AMC system gives both leaders and employees an active role in safety management

By Christine MitchellOctober 7, 2021

Twenty employees from Red River Army Depot, most of whom are members of the RRAD travel team, are at Anniston Army Depot to assist in small arms production, primarily in disassembly of the various weapons systems which are overhauled in Anniston.
Twenty employees from Red River Army Depot, most of whom are members of the RRAD travel team, are at Anniston Army Depot to assist in small arms production, primarily in disassembly of the various weapons systems which are overhauled in Anniston. (Photo Credit: Jennifer Bacchus) VIEW ORIGINAL

The Army Materiel Command enterprise is expanding its robust safety program to ensure that arsenals, depots, plants and office spaces alike are held to the same exceptional standards of safety.

Safety programs are managed by safety professionals and cover program elements that are continuously evaluated to meet safety standards, such as confined spaces, hazardous materials, work place safety and off-duty safety. These standards protect people and resources. At the requirement of the Department of Defense, AMC is now implementing a Safety and Occupational Health Management System, or SOHMS for short, across the enterprise to take safety management even further.

SOHMS, which is implemented over three stages, is designed to move away from the traditional compliance-based approach to safety to a process-based systems approach by changing the thoughts and behaviors of employees. This process is present in depots, plants and arsenals, and AMC is expanding on its success, said George LeFevre, an operations safety manager at AMC.

“It is going to take a paradigm shift in the way we think about safety,” he said. “It does change the culture of an organization.”

In this system, it’s not just the safety team leading the effort. Every employee and leader has an active role, which aims to take existing programs to the next level. LeFevre said the effort is taking all the existing safety programs and packaging them together in a systematic way.

“Leaders are committed and employees are engaged, so we get everyone involved in safety where they are,” LeFevre said. “This system moves away from a checklist type of safety format to training employees to change their behavior and think about safety in their workplace more actively.”

The system involves identifying safety issues, mitigating them and developing a process to further fix the issues and train the force.

Stage one of the implementation process looks at the policies and processes that are currently in place and how they might need to be updated or changed. Stage two is educating the workforce to make employees aware of their role in safety processes and policies. Stage three is ownership in the new policies, including measuring whether leaders are engaged with employees and guidelines are being followed.

According to LeFevre, each organization will receive a “star status” when the system has been fully implemented.

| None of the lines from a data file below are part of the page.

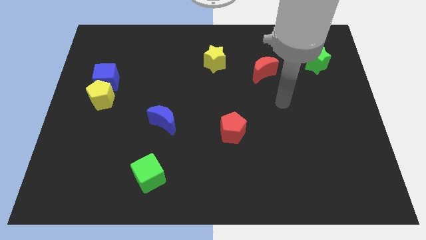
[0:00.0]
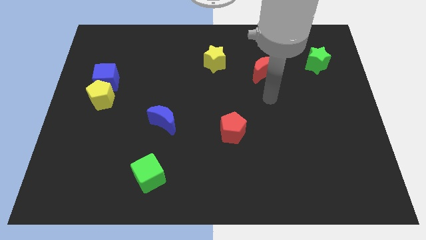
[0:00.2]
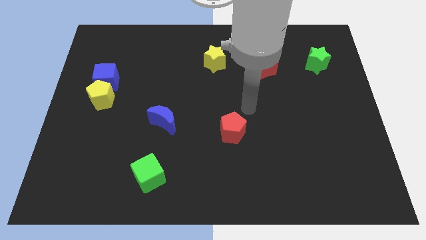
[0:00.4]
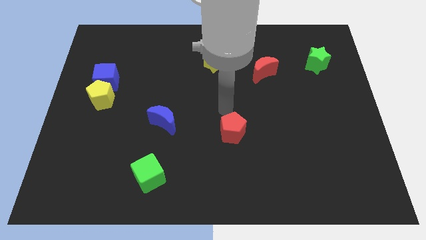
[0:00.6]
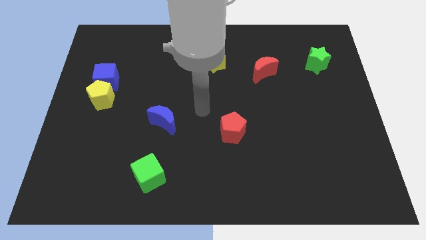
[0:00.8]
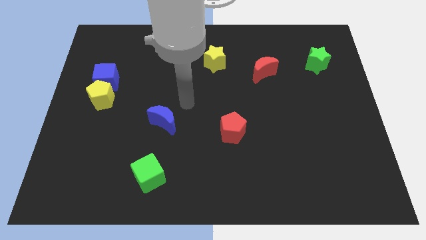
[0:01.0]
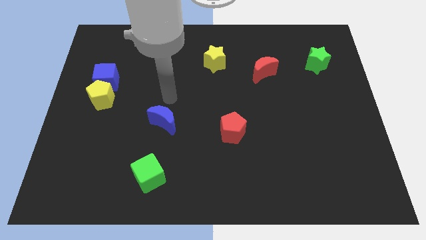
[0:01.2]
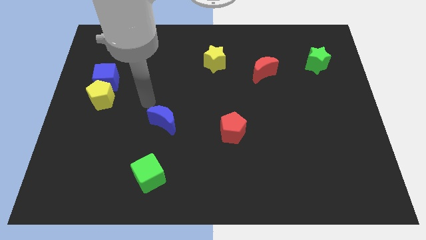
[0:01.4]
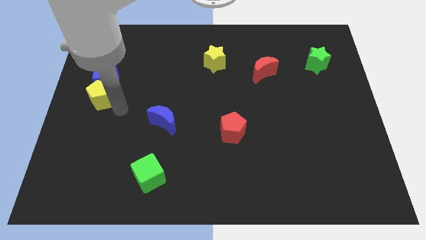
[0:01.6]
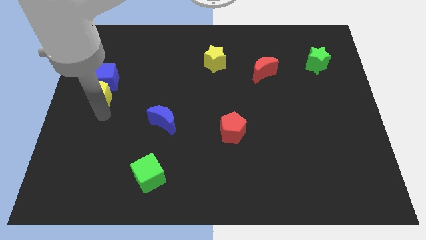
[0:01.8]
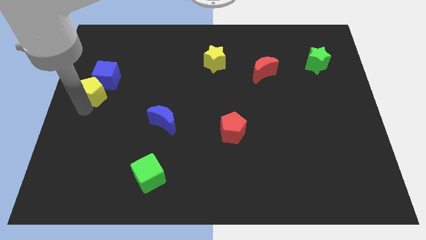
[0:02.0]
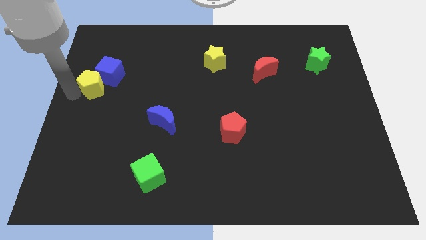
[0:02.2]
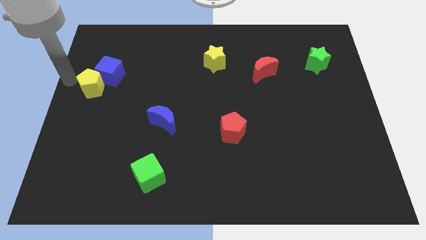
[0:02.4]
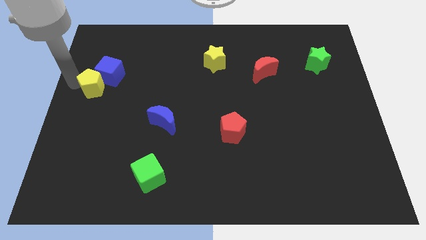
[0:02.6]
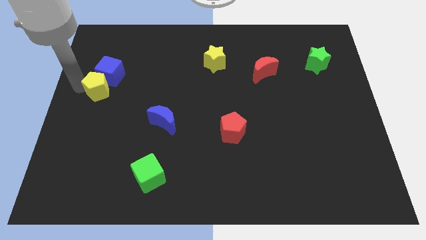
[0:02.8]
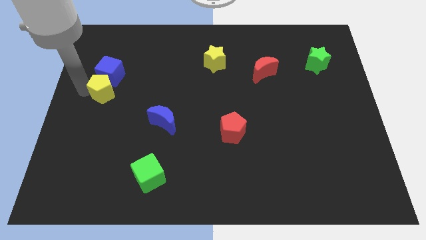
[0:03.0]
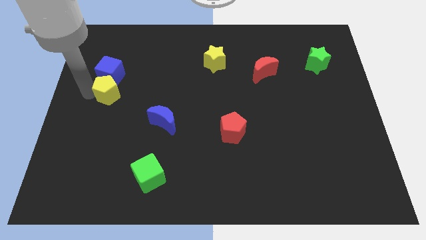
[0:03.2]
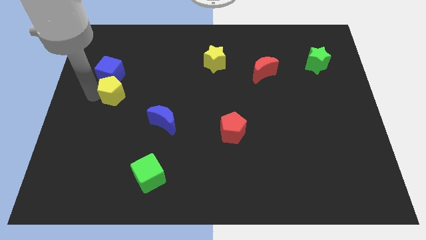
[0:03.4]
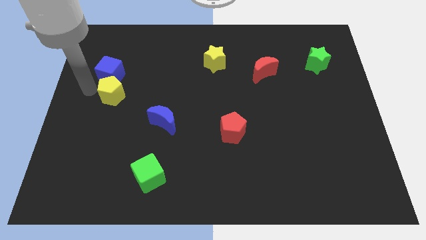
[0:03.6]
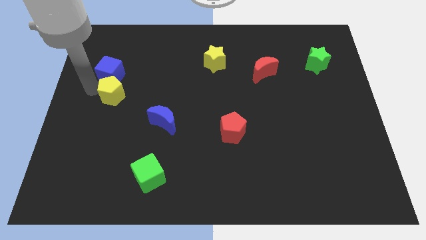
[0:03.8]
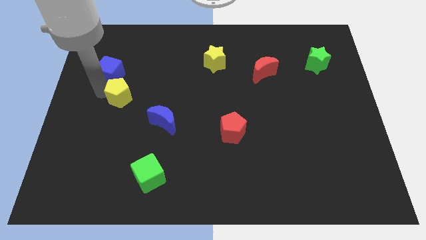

“If an organization achieves star status, when people come into the organization they will recognize there’s a different attitude and environment,” LeFevre said. “The organization is at a more productive level, which is sort of an intangible benefit to the safety plan.”

LeFevre said other benefits of the SOHMS include a better tracking system for mishap rates, numbers of hazards and how long they take to be resolved. By implementing a SOHMS across the enterprise, AMC will also experience savings in preventable mishap costs and resources.

Major subordinate commands are in the process of developing their plans to support this effort. The goal is to have the AMC Safety and Occupational Health Management System fully implemented by fiscal year 2025.